In the future, it is hoped German representative teams from all age groups will play against their English counterparts.

"I think it's a great idea, rugby lives on friendships like this and by working together," current international and DRV development officer Manuel Wilhelm told AFP.

The towering RG Heidelberg lock was at Twickenham earlier this month for the project launch and met representatives from Hertfordshire and Hampshire.

"It's basically a transfer of knowledge, we have a lot in common with the English counties, given that we both work mainly with amateur players," he said.

"It'll be a big help to have the knowledge to fall back on from a coaching and administration point of view."

A Rugby World Cup berth is the DRV's ultimate goal, whether for the 2015 tournament or beyond,

Having been relegated in 2010, Germany are aiming for promotion back to the ENC's first group -- which includes the likes of Georgia, Romania and Russia, who have all played at previous World Cups.

The DRV nearly went bankrupt in 2011 and funding is still an issue, as DRV president Ian Rawcliffe explained.

"We have a budget of around 700,000 euros per year - much smaller than most professional clubs," Lanchashire-born Rawcliffe told AFP.

Having come to Germany as a captain with the British Army in the 1970s, the Oxford graduate played as a flanker for the occupying force's rugby team.

This is his second stint as DRV president, but selling rugby to Germans is not always easy.

"In the past, we have had to send people to convince some German States, who banned it from their schools, what rugby is all about," he said.

It's not just England who are helping German rugby. France has worked closely with the DRV for decades.

In 2008, a Wales XV played Germany in Berlin and last weekend's conference for coaches of Germany's top teams in Hanover was attended by the Welsh Rugby Union's Coach Development Manager Gerry Roberts.

English immigrant teachers first brought rugby to Heidelberg and Hanover in the 1870s.

The sport flourished and was originally part of the German Football Federation (DFB).

The Germans achieved a 3-0 win over France in 1938 and the match-ball still holds pride of place in Germany's rugby museum in Heidelberg.

German rugby was a strong presence on the continent until the rise of Nazism and Adolf Hitler would certainly not have approved of the alliance with England.

"In the late 1930s, Adolf - I think you know his family name - decided he didn't like rugby, preferring field handball," explained Rawcliffe.
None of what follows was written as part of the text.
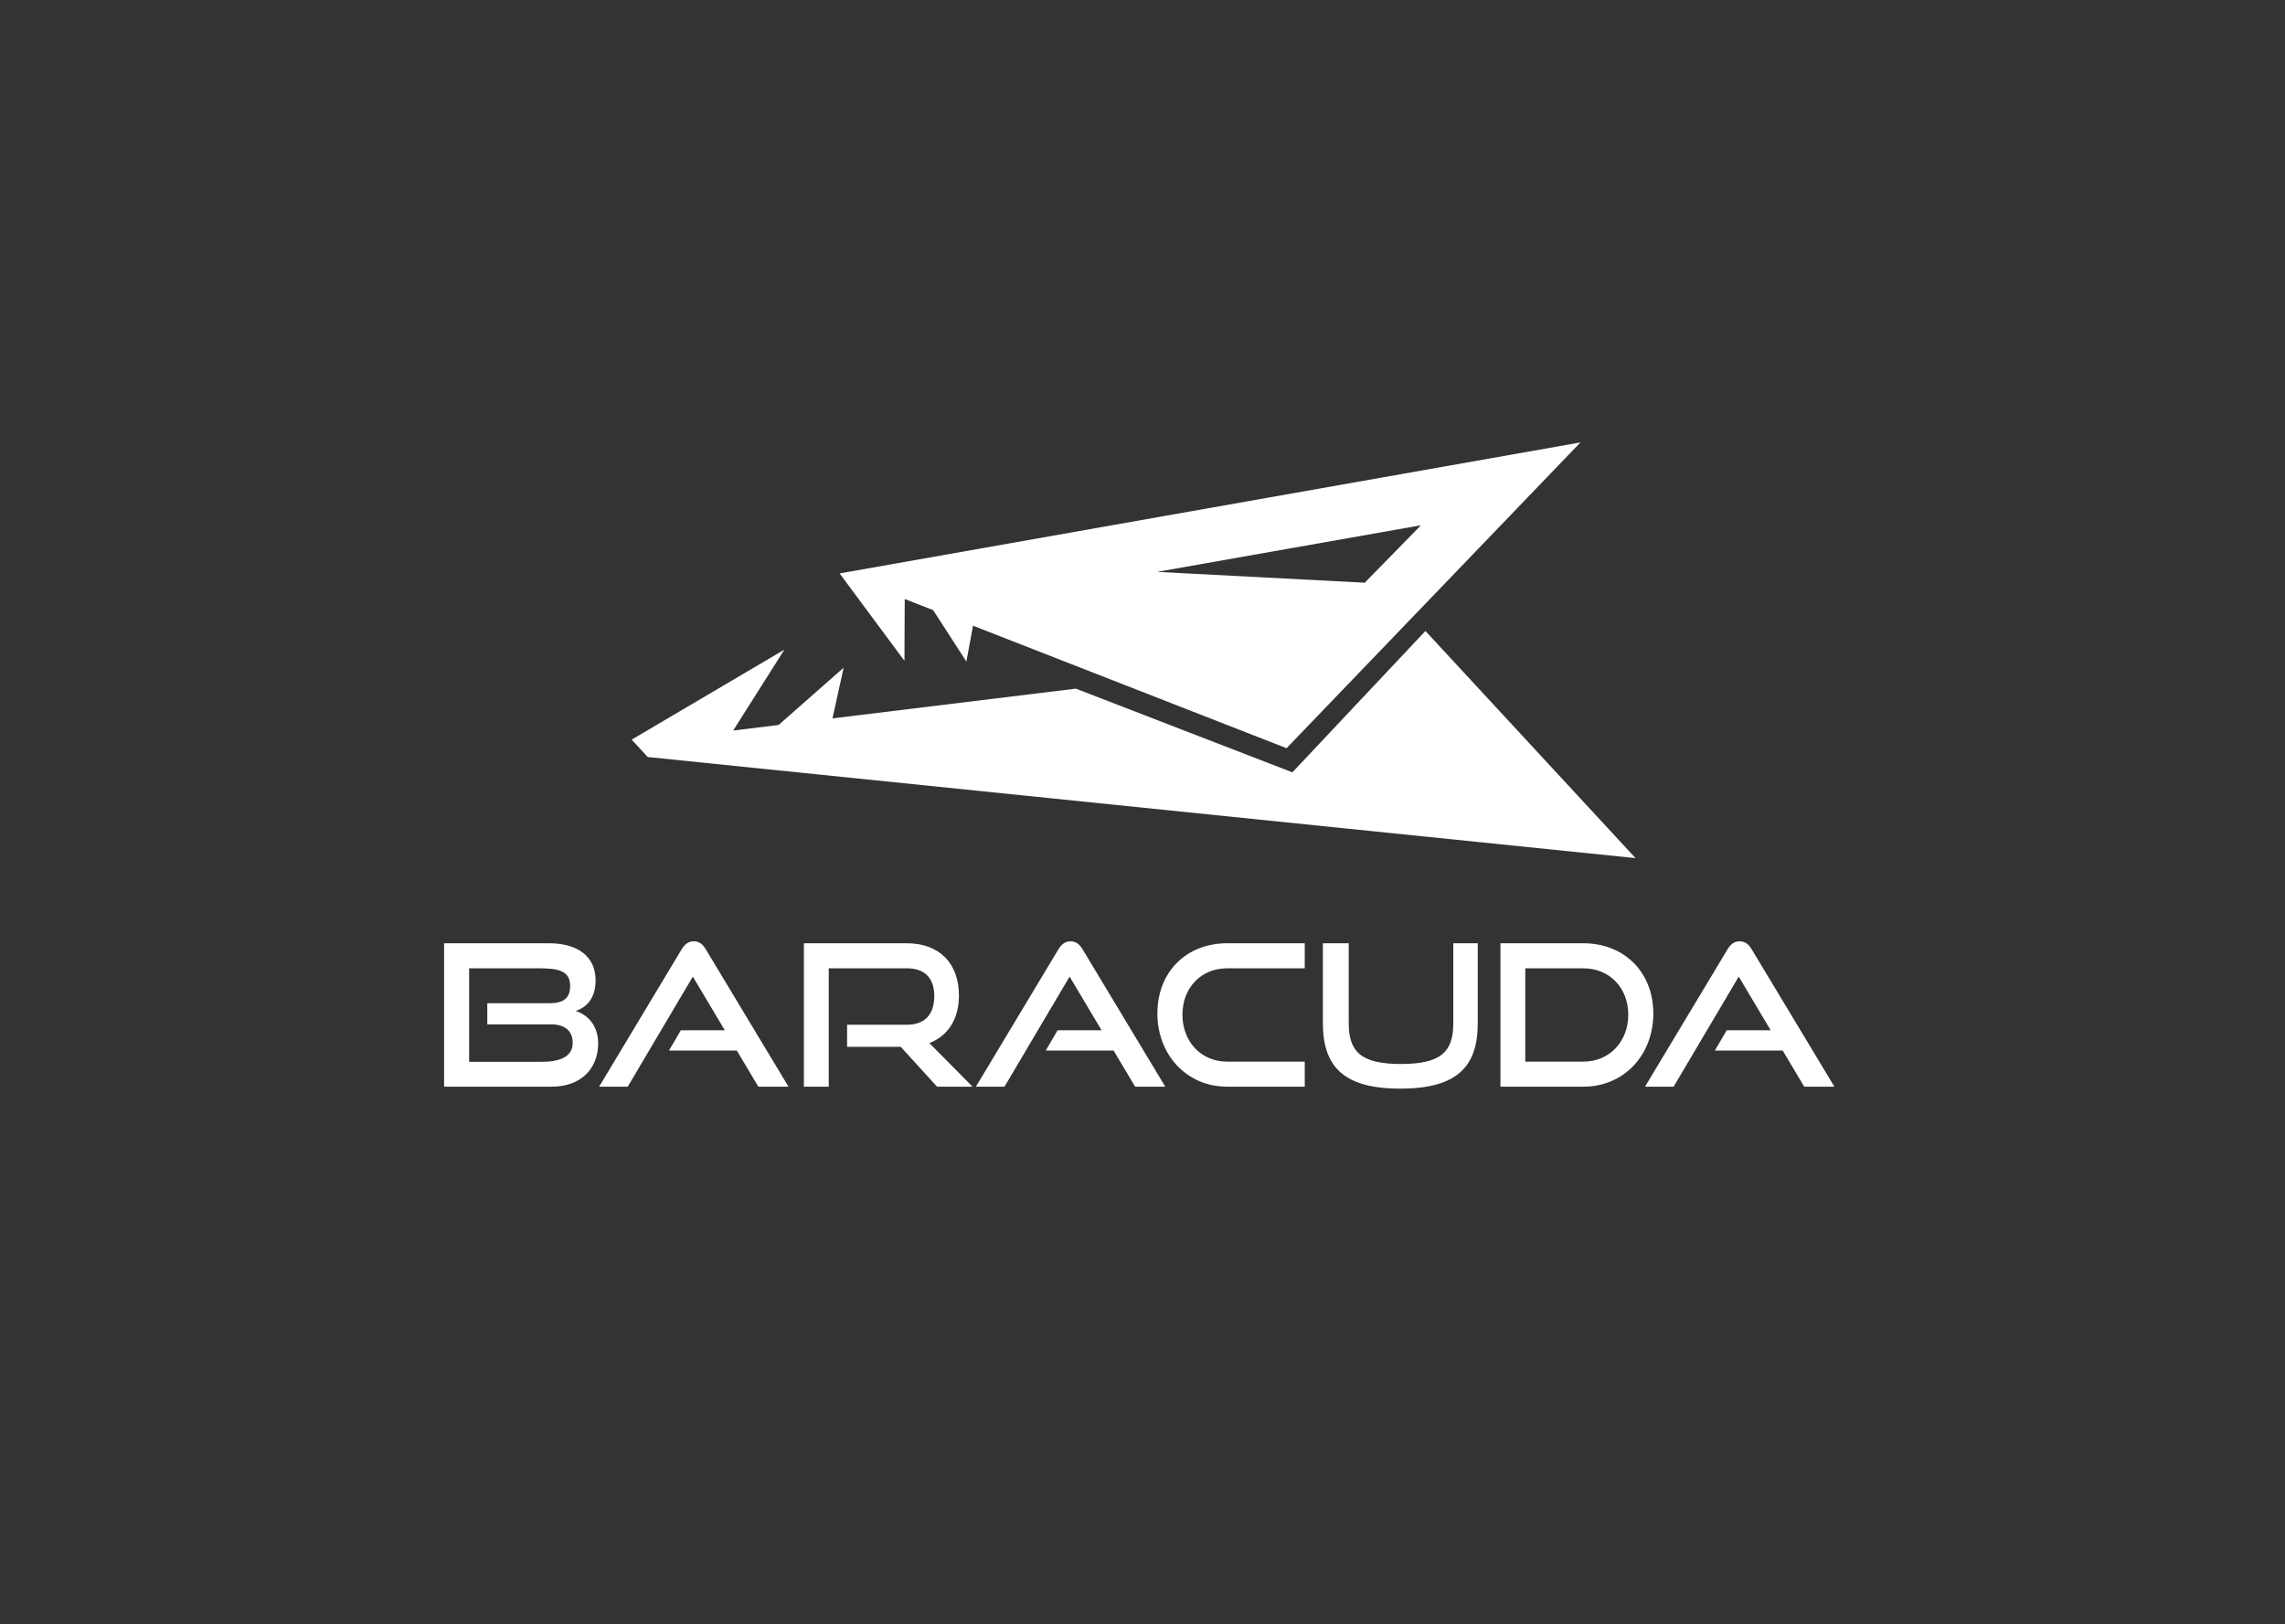<svg xmlns="http://www.w3.org/2000/svg" width="1508" height="1072"><rect width="100%" height="100%" fill="#333333" stroke="none"/><g fill="#FFF"><path d="M596.896 436.175l.178-40.8 18.763 7.332 21.938 33.943 4.369-23.663 206.912 80.854 193.964-201.829-489.111 86.498.323.126 42.664 57.539zm340.875-89.485l-37.104 37.916-137.045-7.157 174.149-30.759z"/><path d="M940.721 416.461l-87.801 93.303L710 454.522l-160.608 19.634 7.383-33.444-42.945 37.792-29.961 3.662 33.802-53.396-100.783 59.4 1.811 1.963 8.792 9.517 651.898 66.732z"/></g><path d="M293.074 717.234v-94.646h69.26c18.487 0 30.725 8.332 30.725 24.476 0 11.977-6.119 17.966-13.149 20.179 8.592 2.734 14.841 10.285 14.841 21.351 0 17.315-11.978 28.642-30.464 28.642h-71.213zm28.512-41.14v-13.93h40.879c9.374 0 13.8-3.255 13.8-11.457 0-10.024-7.941-11.587-20.179-11.587h-46.477v61.71h47.909c11.847 0 20.439-3.255 20.439-12.498 0-7.812-5.077-12.238-14.32-12.238h-42.051zm178.876 41.14l-14.19-23.824h-44.785l7.811-13.409h29.032l-21.09-35.411-42.962 72.645H395.4l54.418-90.611c1.953-3.254 4.426-5.337 8.072-5.337 3.645 0 5.988 2.083 7.941 5.337l54.549 90.611h-19.918zm117.947 0l-23.955-26.298h-35.411v-14.581h39.447c11.847 0 18.096-6.77 18.096-19.008 0-12.237-6.77-18.227-18.096-18.227h-51.555v78.113h-16.404v-94.646h67.958c21.611 0 34.37 13.409 34.37 34.5 0 15.622-7.291 26.688-19.528 31.375l28.511 28.771h-23.433zm130.706 0l-14.19-23.824H690.14l7.812-13.409h29.031l-21.09-35.411-42.962 72.645h-18.877l54.418-90.611c1.953-3.254 4.426-5.337 8.071-5.337 3.646 0 5.989 2.083 7.941 5.337l54.549 90.611h-19.918zm60.666 0c-26.428 0-45.957-20.83-45.957-48.3 0-27.86 19.529-46.347 45.957-46.347h51.295v16.533h-51.295c-16.924 0-29.422 12.629-29.422 30.595 0 17.836 12.367 30.984 29.422 30.984h51.295v16.534h-51.295zm149.323-94.646h16.145v52.856c0 29.292-14.451 43.092-51.164 43.092-36.453 0-51.035-13.8-51.035-43.092v-52.856h17.055v52.856c0 19.007 8.463 26.818 34.5 26.818s34.5-7.812 34.5-26.818v-52.856zm31.113 94.646v-94.646h54.809c26.688 0 46.086 18.877 46.086 46.347s-19.398 48.3-46.086 48.3h-54.809zm54.809-16.534c17.055 0 29.553-13.148 29.553-30.984s-12.498-30.595-29.553-30.595h-38.406V700.7h38.406zm145.679 16.534l-14.191-23.824h-44.783l7.811-13.409h29.031l-21.09-35.411-42.961 72.645h-18.879l54.42-90.611c1.953-3.254 4.426-5.337 8.07-5.337 3.646 0 5.99 2.083 7.941 5.337l54.549 90.611h-19.918z" fill="#FFF"/></svg>

"There were reports of players being dragged off rugby fields to go and play handball during that era.

"Then after the war, many of the players were either too old to continue playing or were dead."

German rugby's revival after World War II was a slow process with the occupying British forces helping out in the 1950s.

For now, Germany need wins at home to Czech Republic and away to Sweden in April to help earn a repechage slot as group winners and keep their World Cup dream alive.

"I think we'll know rugby has made it in Germany when it is televised HERE and with rugby set to be an Olympic sport in 2016, who knows?", mused Rawcliffe.